Prediction: The Fed will lower rates in the second quarter of this year.

The CRE industry has been in the doldrums for the last two years due to historic interest rate increases courtesy of the Federal Reserve. The Federal Reserve raised the federal funds rate beginning in March of 2022 from 0.0% to 5.25%, where it stands today. All the pundits who predicted over the last two years that the CRE market would crash, and many community and regional banks would go under from the weight of defaulted CRE loans, have again been proven wrong. I have been steadfast in my writings and analysis that defaulted CRE loans would only be

about 2% of total loans of $4.6 trillion or $92 billion and this would not crash the CRE market or banking industry.

Many market watchers are now opining that the Fed will only lower rates two or three times in the later part of 2024 and the same in 2025. I also don’t agree with this prediction and see the Fed lowering rates beginning in the second quarter of this year with the federal funds rate at 4%-4.25% by the end of this year and at 3.0%-3.5% by the end of 2025.
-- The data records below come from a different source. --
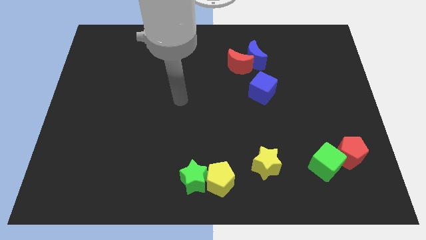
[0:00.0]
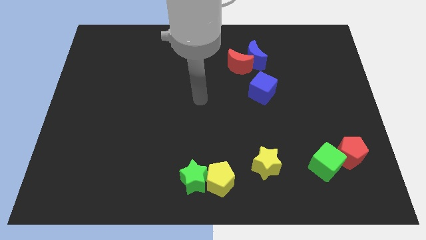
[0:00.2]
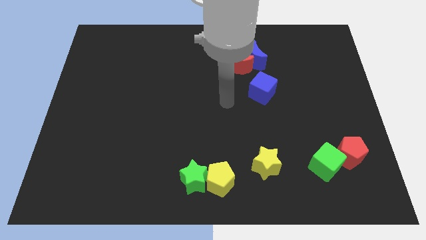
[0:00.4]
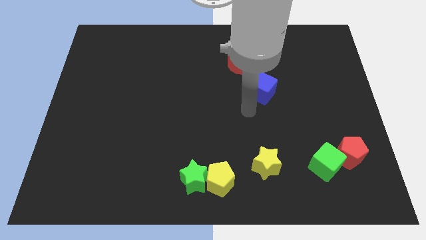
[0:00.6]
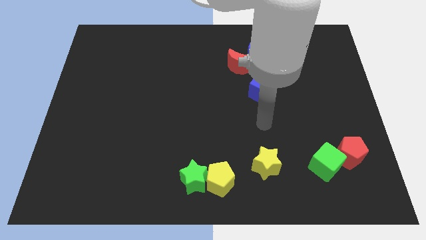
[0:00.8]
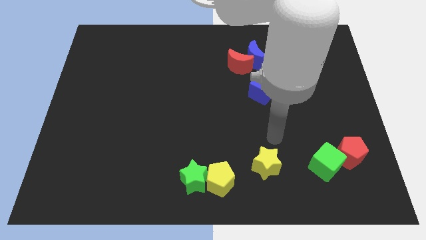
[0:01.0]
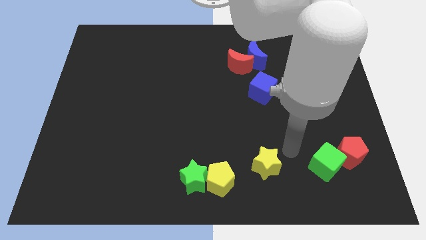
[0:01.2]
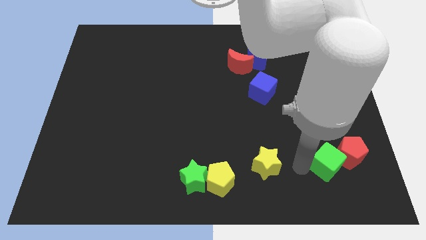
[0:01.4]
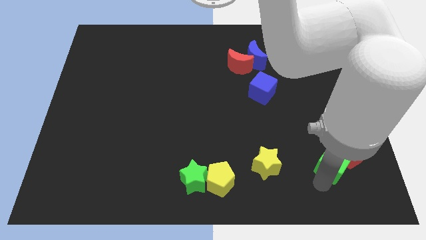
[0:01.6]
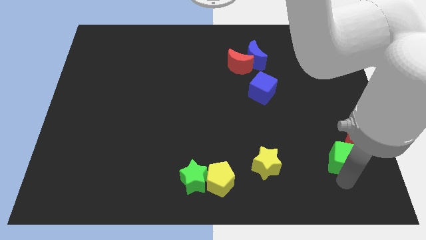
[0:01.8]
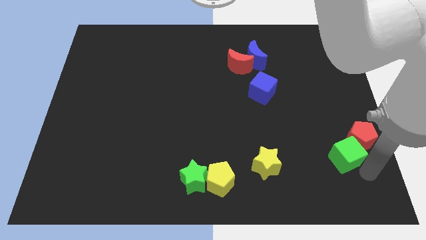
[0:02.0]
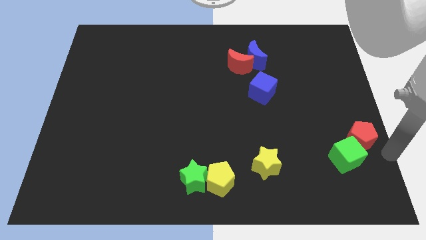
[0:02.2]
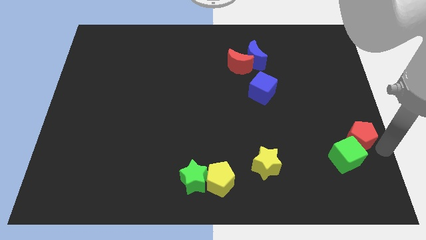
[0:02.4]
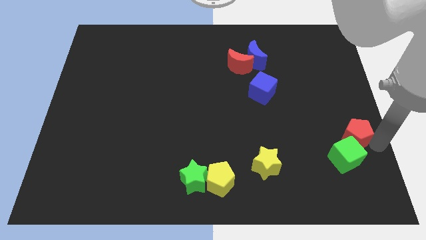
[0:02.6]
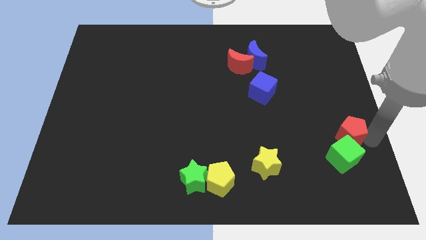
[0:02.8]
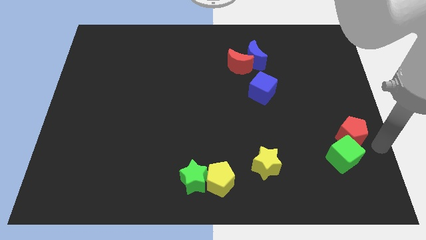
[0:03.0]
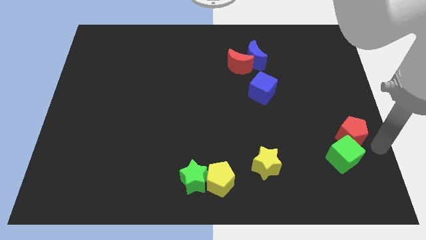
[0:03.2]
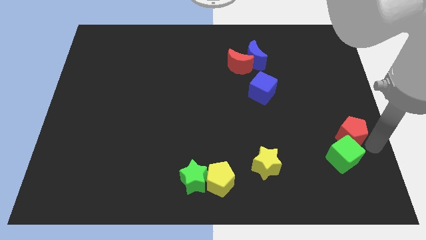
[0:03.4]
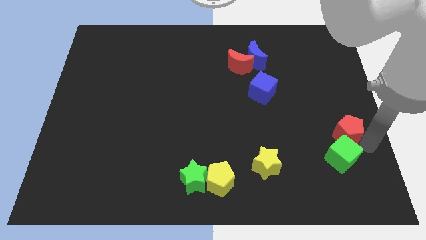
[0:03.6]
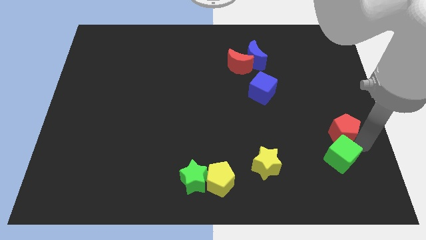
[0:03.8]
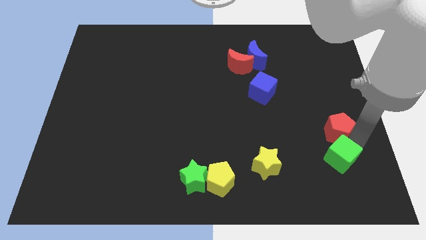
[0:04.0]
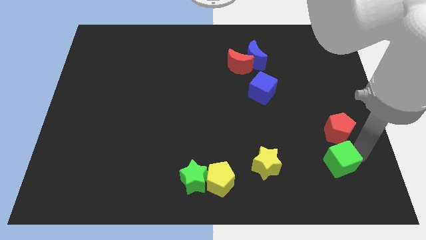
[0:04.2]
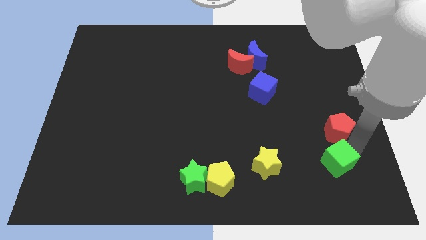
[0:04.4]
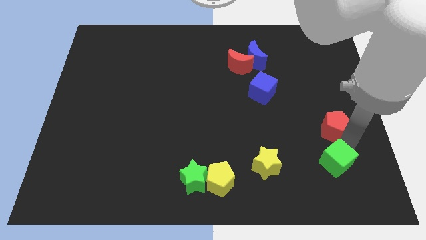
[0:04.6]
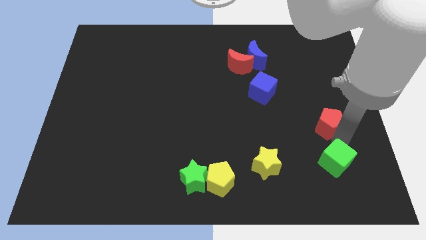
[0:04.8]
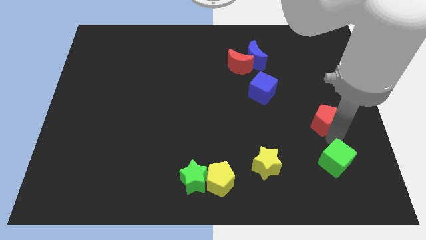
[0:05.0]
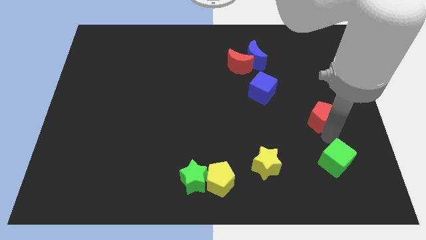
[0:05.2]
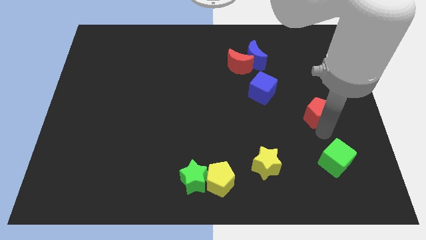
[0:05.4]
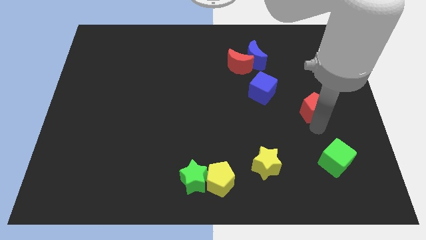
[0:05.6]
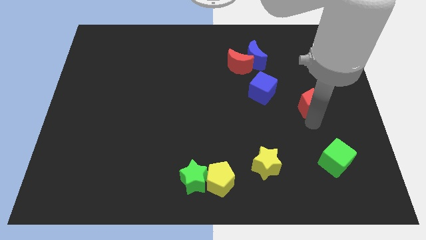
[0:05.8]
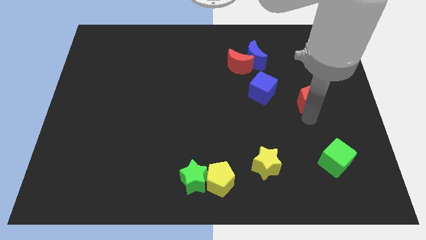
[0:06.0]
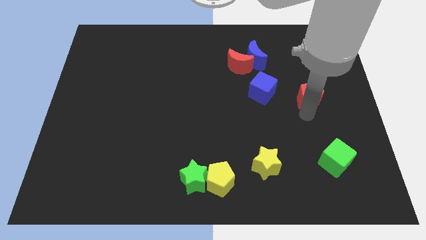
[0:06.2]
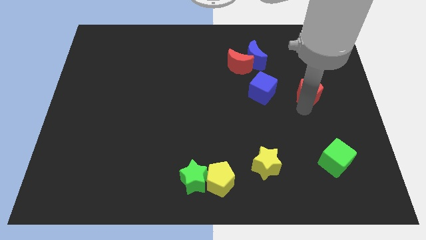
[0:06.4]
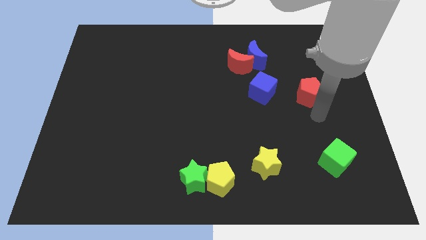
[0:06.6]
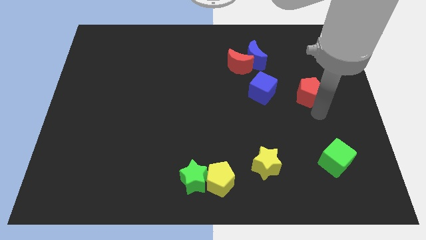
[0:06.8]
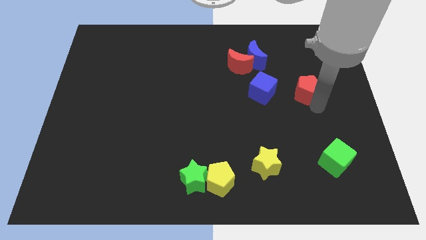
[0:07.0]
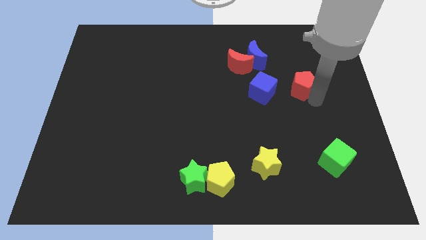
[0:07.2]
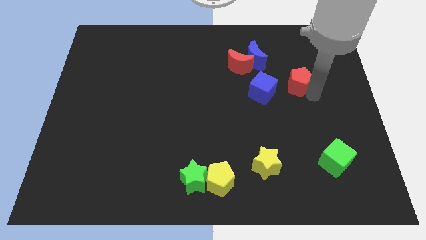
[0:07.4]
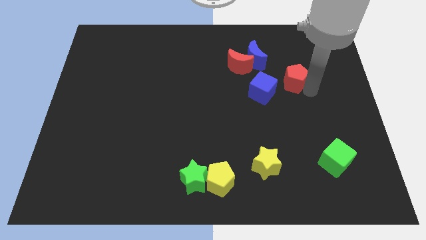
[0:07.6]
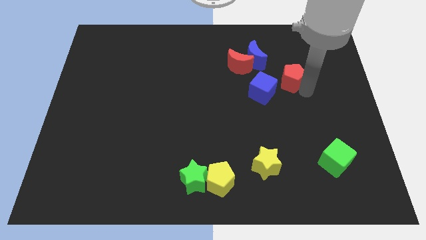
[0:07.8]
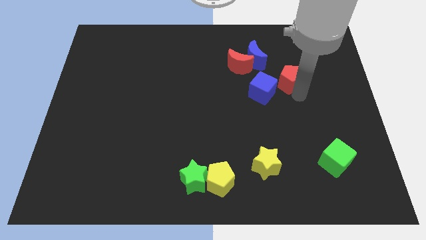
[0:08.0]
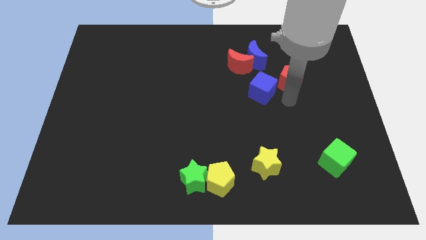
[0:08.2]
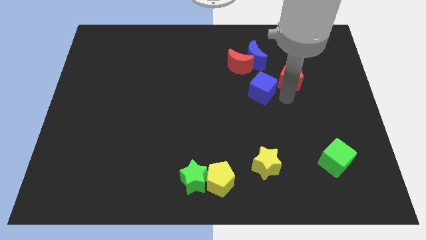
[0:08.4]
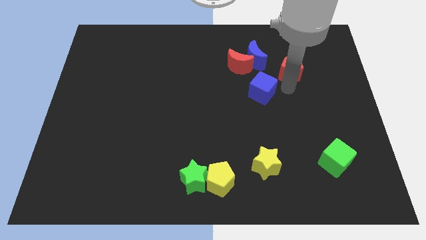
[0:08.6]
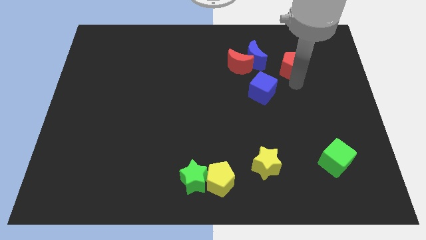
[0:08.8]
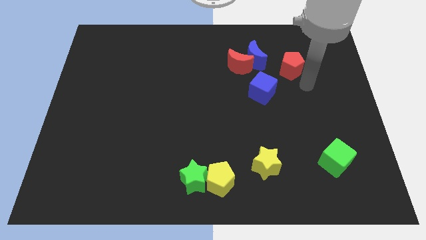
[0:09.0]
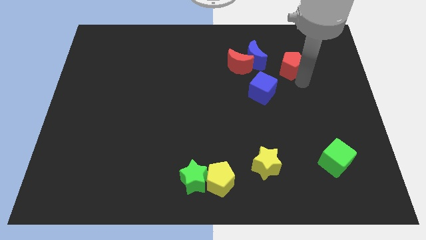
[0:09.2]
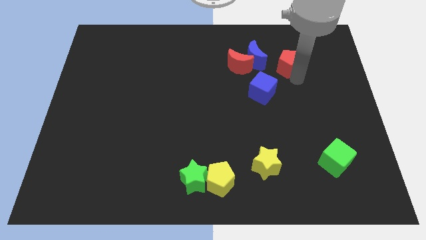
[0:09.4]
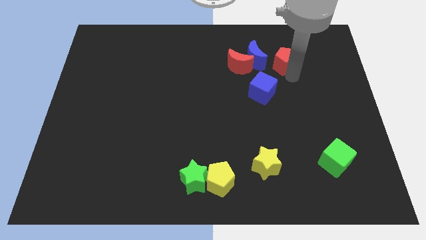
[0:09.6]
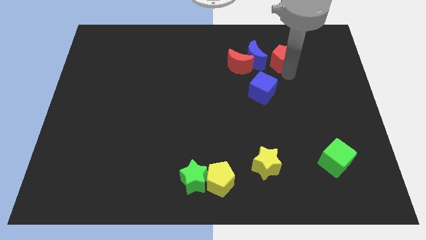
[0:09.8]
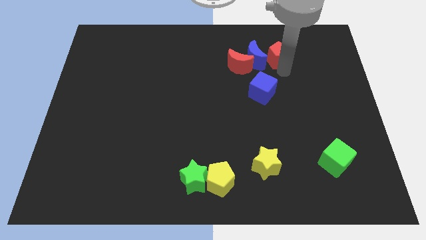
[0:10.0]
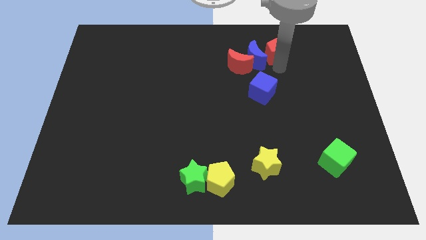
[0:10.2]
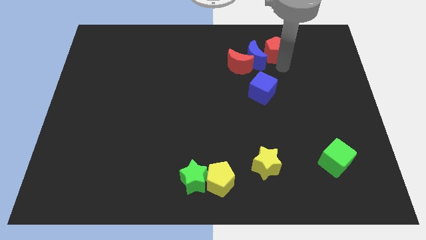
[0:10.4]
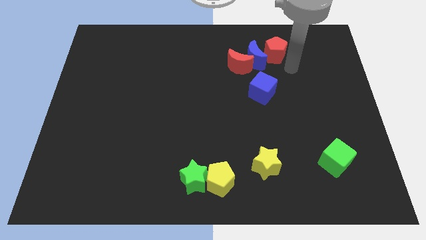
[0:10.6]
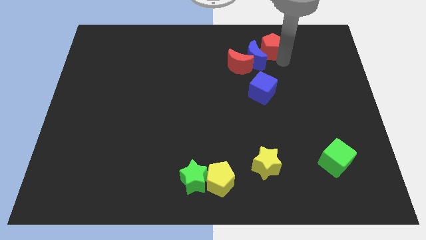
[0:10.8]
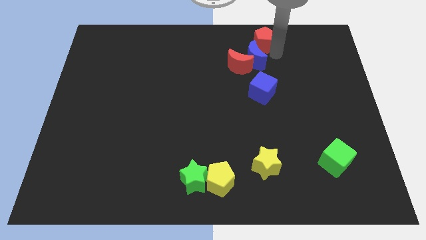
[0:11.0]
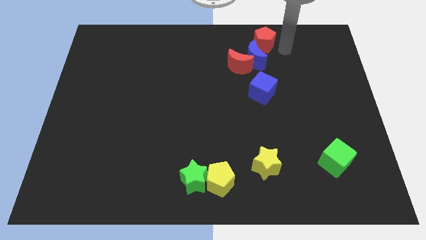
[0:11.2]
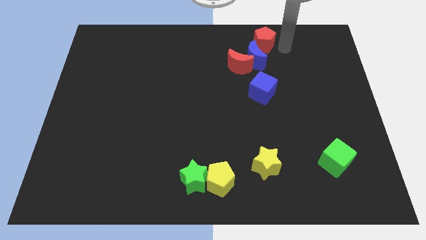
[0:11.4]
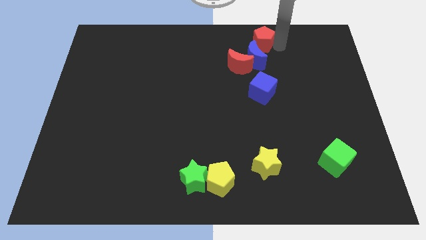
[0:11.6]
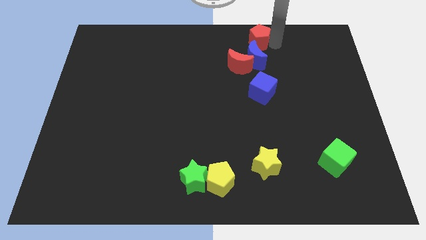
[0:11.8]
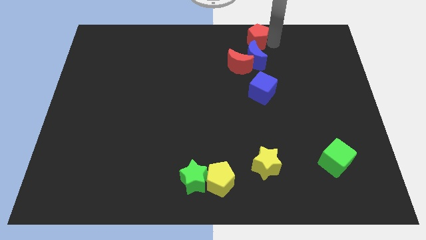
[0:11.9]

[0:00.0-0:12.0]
push the red pentagon to the top

Even though a drop in the funds rate of 1.0%-1.25% is not huge, it will be a significant catalyst for a mini-boom in the CRE industry in the last half of this year. If rates are lowered further in 2025, an even bigger boom will arrive in CRE similar to the market in 2012 and at the tail end of the Great Recession. There is so much pent-up demand right now to do deals and with over $150 billion sitting idle in real estate private equity funds, there is ample capital to buy distressed real estate assets and loans. The entire brokerage community that has made very little money during the last two years will be aggressively doing deals. Since the Fed began raising interest rates, transaction volumes in the CRE industry have dropped 70%. Sales, leasing, and financing transactions in the next two years will skyrocket. Developers will also seek to start the new development projects that were mothballed the last two years and skittish banks, and other regulated lenders will again seek to fill their coffers with new loan applications. The shadow or unregulated lenders who have increased their market share of total loans to about 10% in the last few years will also be aggressively seeking new loan deals and will fill any void left open by the regulated lenders.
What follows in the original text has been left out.